Problem description: Without any of their pictures, return all of the records exactly.

┌──

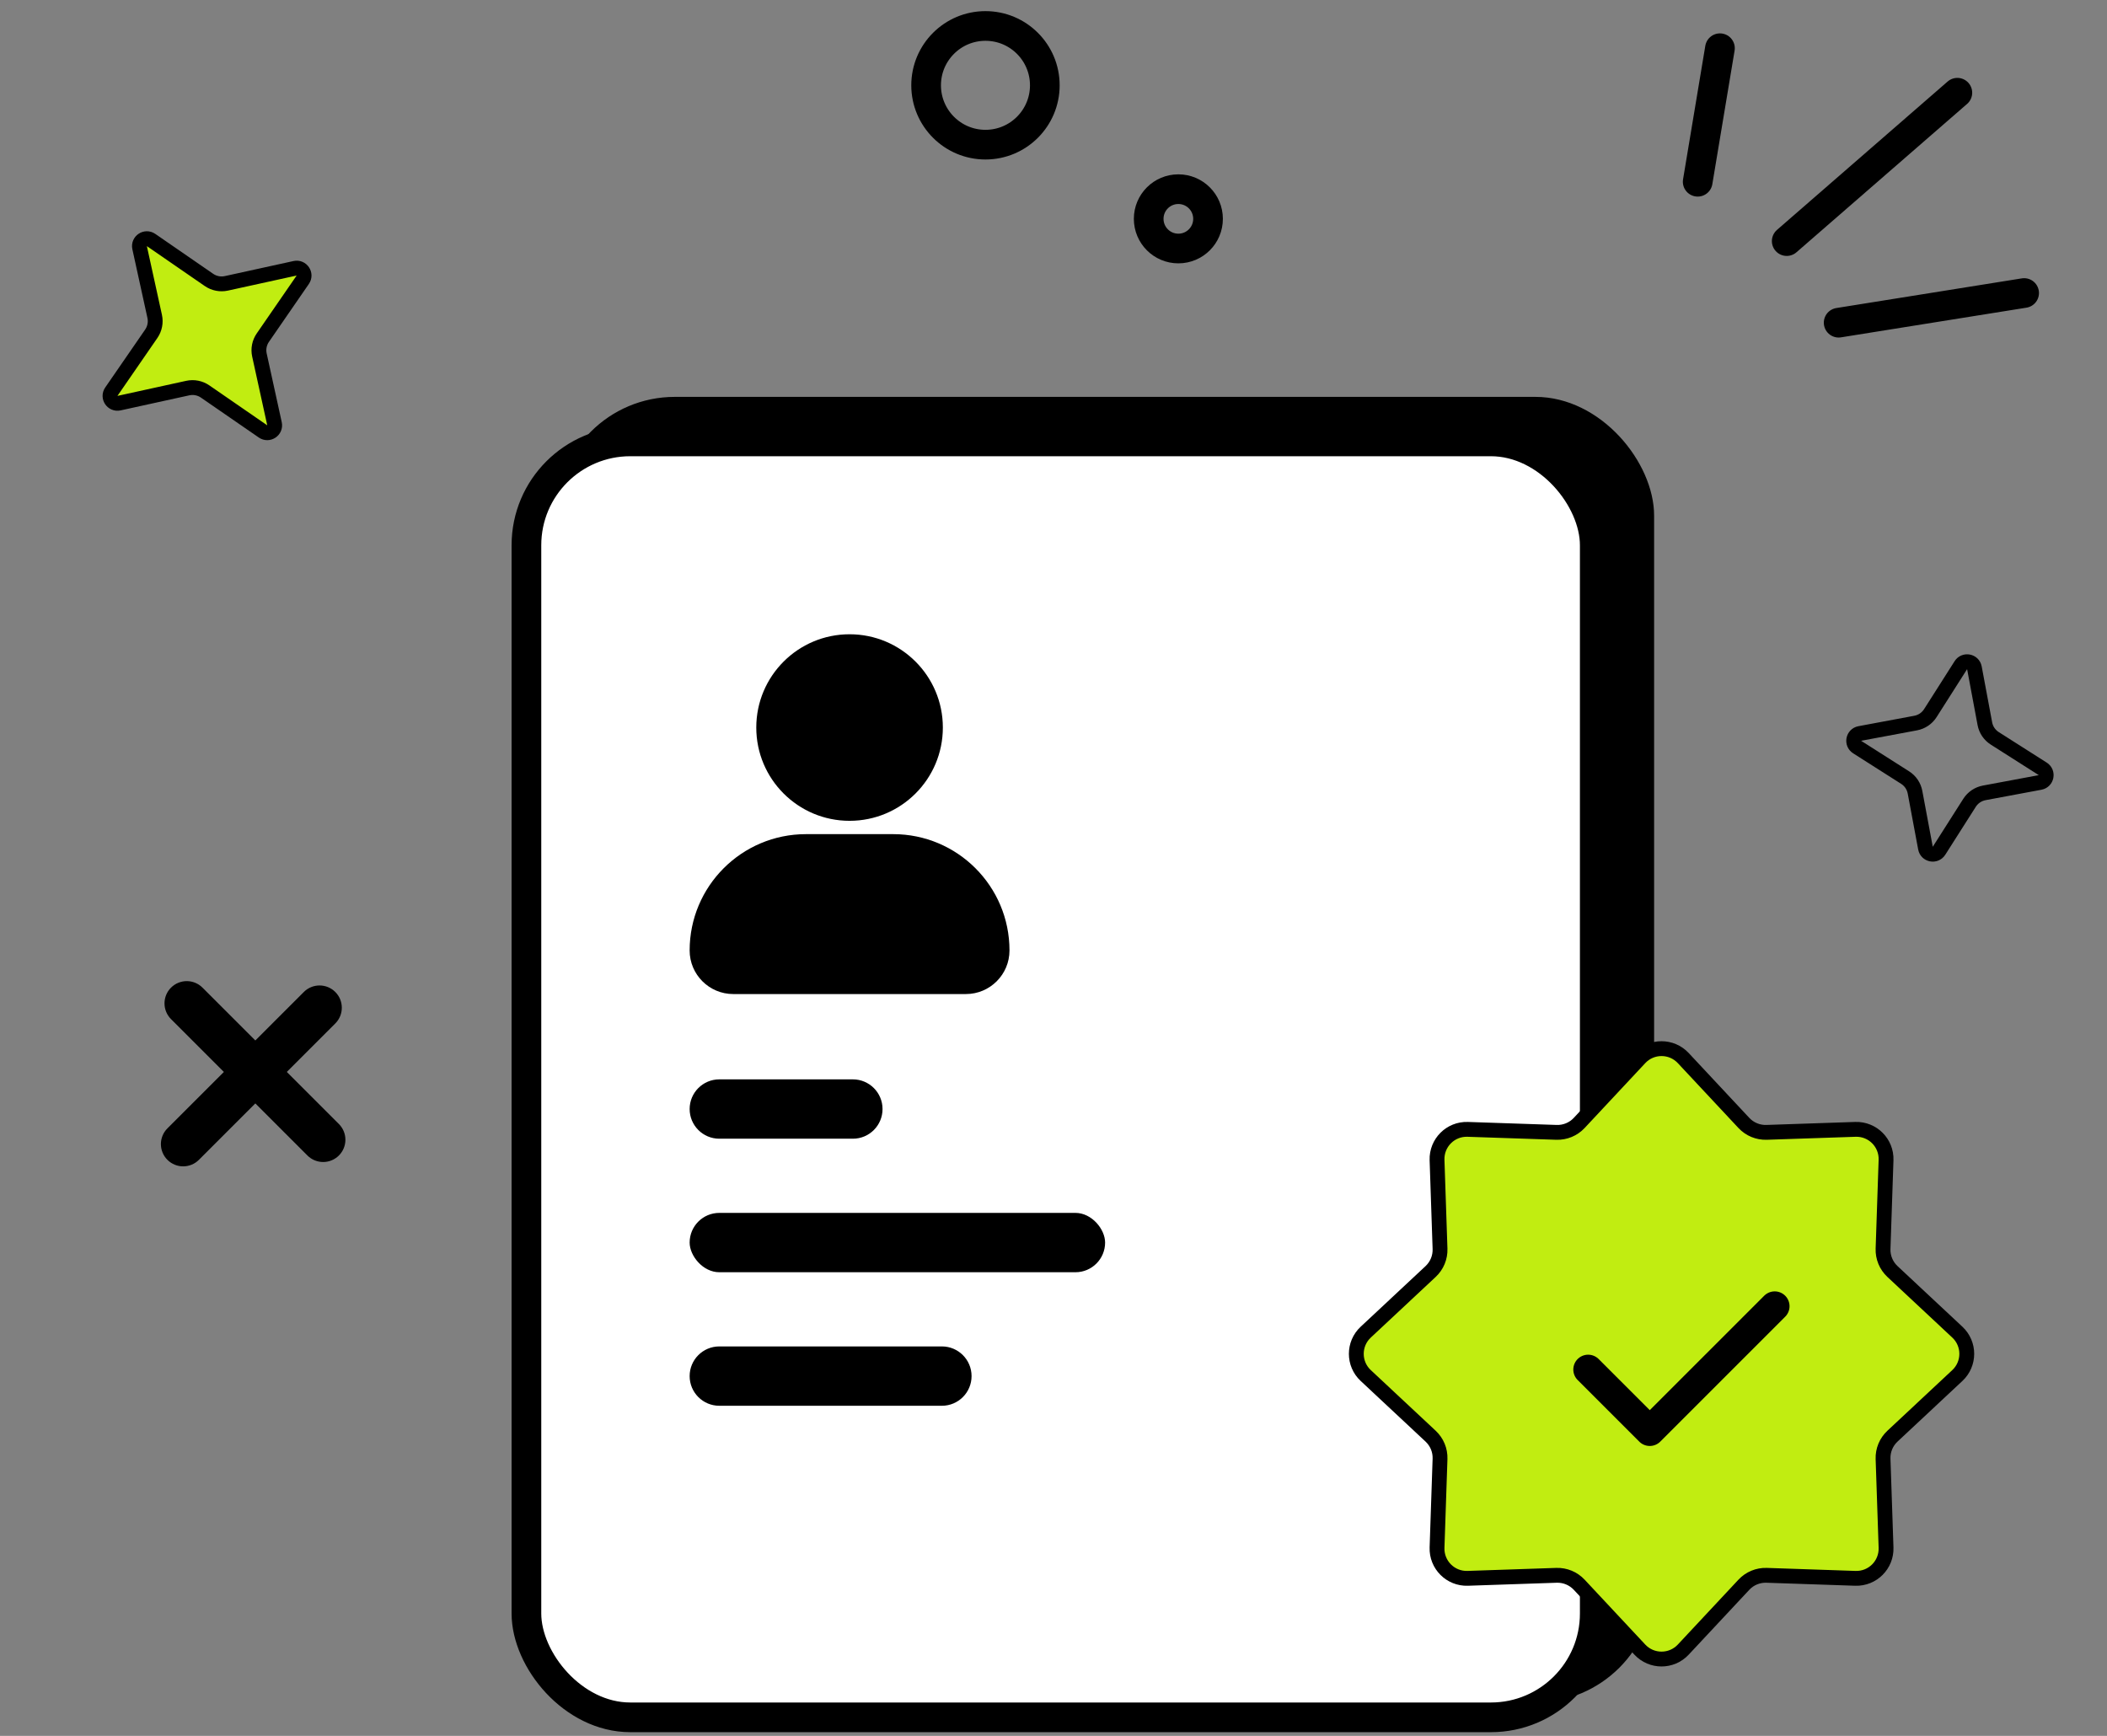 <svg width="142" height="117" viewBox="0 0 142 117" fill="none" xmlns="http://www.w3.org/2000/svg">
<rect x="0" y="0" width="142" height="117" fill="#808080" stroke="none"/>
<g id="Group 1707484145">
<path id="Vector 3850" d="M115.915 3.25L114.415 12.25" stroke="black" stroke-width="2" stroke-linecap="round"/>
<circle id="Ellipse 4987" cx="66.415" cy="5.75" r="4" stroke="black" stroke-width="2"/>
<circle id="Ellipse 4988" cx="79.415" cy="14.75" r="2" stroke="black" stroke-width="2"/>
<path id="Vector 3851" d="M131.915 6.25L120.415 16.25" stroke="black" stroke-width="2" stroke-linecap="round"/>
<path id="Vector 3852" d="M136.415 19.75L123.915 21.75" stroke="black" stroke-width="2" stroke-linecap="round"/>
<g id="Group 1707484176">
<rect id="Rectangle 34626868" x="37.478" y="26.75" width="74" height="88" rx="8" fill="black"/>
<rect id="Rectangle 34626871" x="35.478" y="29.75" width="72" height="86" rx="7" fill="white" stroke="black" stroke-width="2"/>
<rect id="Rectangle 34626841" x="46.478" y="81.75" width="28" height="4" rx="2" fill="black"/>
<path id="Rectangle 34626842" d="M46.478 92.75C46.478 91.645 47.374 90.75 48.478 90.75H63.478C64.583 90.75 65.478 91.645 65.478 92.75C65.478 93.855 64.583 94.75 63.478 94.75H48.478C47.374 94.75 46.478 93.855 46.478 92.75Z" fill="black"/>
<path id="Rectangle 34626870" d="M46.478 74.75C46.478 73.645 47.374 72.75 48.478 72.75H57.478C58.583 72.75 59.478 73.645 59.478 74.75C59.478 75.855 58.583 76.75 57.478 76.75H48.478C47.374 76.75 46.478 75.855 46.478 74.75Z" fill="black"/>
<path id="Union" fill-rule="evenodd" clip-rule="evenodd" d="M50.969 49.037C50.969 45.565 53.784 42.75 57.256 42.75C60.728 42.75 63.543 45.565 63.543 49.037C63.543 52.509 60.728 55.324 57.256 55.324C53.784 55.324 50.969 52.509 50.969 49.037ZM54.317 56.222C49.988 56.222 46.478 59.732 46.478 64.061C46.478 65.684 47.794 67 49.418 67H65.095C66.718 67 68.034 65.684 68.034 64.061C68.034 59.732 64.525 56.222 60.196 56.222H54.317Z" fill="black"/>
<path id="Star 14" d="M110.517 71.313C111.308 70.468 112.649 70.468 113.44 71.313L117.529 75.689C117.923 76.11 118.48 76.341 119.058 76.322L125.043 76.12C126.2 76.08 127.148 77.029 127.109 78.186L126.907 84.171C126.887 84.748 127.118 85.305 127.54 85.7L131.915 89.789C132.761 90.579 132.761 91.921 131.915 92.711L127.54 96.8C127.118 97.195 126.887 97.752 126.907 98.329L127.109 104.314C127.148 105.471 126.2 106.42 125.043 106.381L119.058 106.178C118.48 106.159 117.923 106.39 117.529 106.811L113.44 111.187C112.649 112.032 111.308 112.032 110.517 111.187L106.428 106.811C106.034 106.39 105.477 106.159 104.9 106.178L98.914 106.381C97.757 106.42 96.809 105.471 96.848 104.314L97.05 98.329C97.07 97.752 96.839 97.195 96.417 96.8L92.042 92.711C91.196 91.921 91.196 90.579 92.042 89.789L96.417 85.7C96.839 85.305 97.07 84.748 97.05 84.171L96.848 78.186C96.809 77.029 97.757 76.08 98.914 76.12L104.9 76.322C105.477 76.341 106.034 76.11 106.428 75.689L110.517 71.313Z" fill="#C1ED11" stroke="black"/>
<path id="Vector 13484" d="M107.032 92.307L111.185 96.46L119.605 88.04" stroke="black" stroke-width="2" stroke-linecap="round" stroke-linejoin="round"/>
</g>
<path id="Star 2" d="M9.41 16.696C9.313 16.253 9.808 15.919 10.182 16.177L14.084 18.867C14.426 19.103 14.85 19.187 15.256 19.098L19.886 18.083C20.329 17.986 20.662 18.482 20.404 18.855L17.714 22.757C17.478 23.099 17.395 23.523 17.484 23.929L18.499 28.559C18.596 29.002 18.1 29.335 17.726 29.078L13.825 26.387C13.483 26.151 13.058 26.068 12.652 26.157L8.023 27.172C7.579 27.269 7.246 26.773 7.504 26.399L10.194 22.498C10.43 22.156 10.514 21.731 10.425 21.325L9.41 16.696Z" fill="#C1ED11" stroke="black"/>
<path id="Union_2" fill-rule="evenodd" clip-rule="evenodd" d="M22.597 68.982C23.183 68.396 23.183 67.447 22.597 66.861C22.011 66.275 21.061 66.275 20.476 66.861L17.208 70.128L13.647 66.568C13.062 65.982 12.112 65.982 11.526 66.568C10.94 67.153 10.94 68.103 11.526 68.689L15.087 72.25L11.283 76.053C10.697 76.639 10.697 77.589 11.283 78.174C11.869 78.76 12.819 78.76 13.405 78.174L17.208 74.371L20.718 77.881C21.304 78.467 22.254 78.467 22.84 77.881C23.425 77.296 23.425 76.346 22.84 75.76L19.329 72.25L22.597 68.982Z" fill="black"/>
<path id="Star 3" d="M132.151 44.833C132.394 44.45 132.981 44.563 133.064 45.009L133.768 48.776C133.844 49.185 134.086 49.543 134.437 49.766L137.67 51.823C138.052 52.067 137.939 52.654 137.493 52.737L133.726 53.44C133.318 53.517 132.959 53.759 132.736 54.109L130.679 57.342C130.435 57.725 129.849 57.612 129.766 57.166L129.062 53.399C128.986 52.99 128.744 52.632 128.393 52.409L125.16 50.352C124.777 50.108 124.891 49.522 125.337 49.438L129.103 48.735C129.512 48.659 129.871 48.416 130.094 48.066L132.151 44.833Z" stroke="black"/>
</g>
</svg>

└──

Written answer:
 <svg width="142" height="117" viewBox="0 0 142 117" fill="none" xmlns="http://www.w3.org/2000/svg">
<rect x="0" y="0" width="142" height="117" fill="#808080" stroke="none"/>
<g id="Group 1707484145">
<path id="Vector 3850" d="M115.915 3.25L114.415 12.25" stroke="black" stroke-width="2" stroke-linecap="round"/>
<circle id="Ellipse 4987" cx="66.415" cy="5.75" r="4" stroke="black" stroke-width="2"/>
<circle id="Ellipse 4988" cx="79.415" cy="14.75" r="2" stroke="black" stroke-width="2"/>
<path id="Vector 3851" d="M131.915 6.25L120.415 16.25" stroke="black" stroke-width="2" stroke-linecap="round"/>
<path id="Vector 3852" d="M136.415 19.75L123.915 21.75" stroke="black" stroke-width="2" stroke-linecap="round"/>
<g id="Group 1707484176">
<rect id="Rectangle 34626868" x="37.478" y="26.75" width="74" height="88" rx="8" fill="black"/>
<rect id="Rectangle 34626871" x="35.478" y="29.75" width="72" height="86" rx="7" fill="white" stroke="black" stroke-width="2"/>
<rect id="Rectangle 34626841" x="46.478" y="81.75" width="28" height="4" rx="2" fill="black"/>
<path id="Rectangle 34626842" d="M46.478 92.75C46.478 91.645 47.374 90.75 48.478 90.75H63.478C64.583 90.75 65.478 91.645 65.478 92.75C65.478 93.855 64.583 94.75 63.478 94.75H48.478C47.374 94.75 46.478 93.855 46.478 92.75Z" fill="black"/>
<path id="Rectangle 34626870" d="M46.478 74.75C46.478 73.645 47.374 72.75 48.478 72.75H57.478C58.583 72.75 59.478 73.645 59.478 74.75C59.478 75.855 58.583 76.75 57.478 76.75H48.478C47.374 76.75 46.478 75.855 46.478 74.75Z" fill="black"/>
<path id="Union" fill-rule="evenodd" clip-rule="evenodd" d="M50.969 49.037C50.969 45.565 53.784 42.75 57.256 42.75C60.728 42.75 63.543 45.565 63.543 49.037C63.543 52.509 60.728 55.324 57.256 55.324C53.784 55.324 50.969 52.509 50.969 49.037ZM54.317 56.222C49.988 56.222 46.478 59.732 46.478 64.061C46.478 65.684 47.794 67 49.418 67H65.095C66.718 67 68.034 65.684 68.034 64.061C68.034 59.732 64.525 56.222 60.196 56.222H54.317Z" fill="black"/>
<path id="Star 14" d="M110.517 71.313C111.308 70.468 112.649 70.468 113.44 71.313L117.529 75.689C117.923 76.11 118.48 76.341 119.058 76.322L125.043 76.12C126.2 76.08 127.148 77.029 127.109 78.186L126.907 84.171C126.887 84.748 127.118 85.305 127.54 85.7L131.915 89.789C132.761 90.579 132.761 91.921 131.915 92.711L127.54 96.8C127.118 97.195 126.887 97.752 126.907 98.329L127.109 104.314C127.148 105.471 126.2 106.42 125.043 106.381L119.058 106.178C118.48 106.159 117.923 106.39 117.529 106.811L113.44 111.187C112.649 112.032 111.308 112.032 110.517 111.187L106.428 106.811C106.034 106.39 105.477 106.159 104.9 106.178L98.914 106.381C97.757 106.42 96.809 105.471 96.848 104.314L97.05 98.329C97.07 97.752 96.839 97.195 96.417 96.8L92.042 92.711C91.196 91.921 91.196 90.579 92.042 89.789L96.417 85.7C96.839 85.305 97.07 84.748 97.05 84.171L96.848 78.186C96.809 77.029 97.757 76.08 98.914 76.12L104.9 76.322C105.477 76.341 106.034 76.11 106.428 75.689L110.517 71.313Z" fill="#C1ED11" stroke="black"/>
<path id="Vector 13484" d="M107.032 92.307L111.185 96.46L119.605 88.04" stroke="black" stroke-width="2" stroke-linecap="round" stroke-linejoin="round"/>
</g>
<path id="Star 2" d="M9.41 16.696C9.313 16.253 9.808 15.919 10.182 16.177L14.084 18.867C14.426 19.103 14.85 19.187 15.256 19.098L19.886 18.083C20.329 17.986 20.662 18.482 20.404 18.855L17.714 22.757C17.478 23.099 17.395 23.523 17.484 23.929L18.499 28.559C18.596 29.002 18.1 29.335 17.726 29.078L13.825 26.387C13.483 26.151 13.058 26.068 12.652 26.157L8.023 27.172C7.579 27.269 7.246 26.773 7.504 26.399L10.194 22.498C10.43 22.156 10.514 21.731 10.425 21.325L9.41 16.696Z" fill="#C1ED11" stroke="black"/>
<path id="Union_2" fill-rule="evenodd" clip-rule="evenodd" d="M22.597 68.982C23.183 68.396 23.183 67.447 22.597 66.861C22.011 66.275 21.061 66.275 20.476 66.861L17.208 70.128L13.647 66.568C13.062 65.982 12.112 65.982 11.526 66.568C10.94 67.153 10.94 68.103 11.526 68.689L15.087 72.25L11.283 76.053C10.697 76.639 10.697 77.589 11.283 78.174C11.869 78.76 12.819 78.76 13.405 78.174L17.208 74.371L20.718 77.881C21.304 78.467 22.254 78.467 22.84 77.881C23.425 77.296 23.425 76.346 22.84 75.76L19.329 72.25L22.597 68.982Z" fill="black"/>
<path id="Star 3" d="M132.151 44.833C132.394 44.45 132.981 44.563 133.064 45.009L133.768 48.776C133.844 49.185 134.086 49.543 134.437 49.766L137.67 51.823C138.052 52.067 137.939 52.654 137.493 52.737L133.726 53.44C133.318 53.517 132.959 53.759 132.736 54.109L130.679 57.342C130.435 57.725 129.849 57.612 129.766 57.166L129.062 53.399C128.986 52.99 128.744 52.632 128.393 52.409L125.16 50.352C124.777 50.108 124.891 49.522 125.337 49.438L129.103 48.735C129.512 48.659 129.871 48.416 130.094 48.066L132.151 44.833Z" stroke="black"/>
</g>
</svg>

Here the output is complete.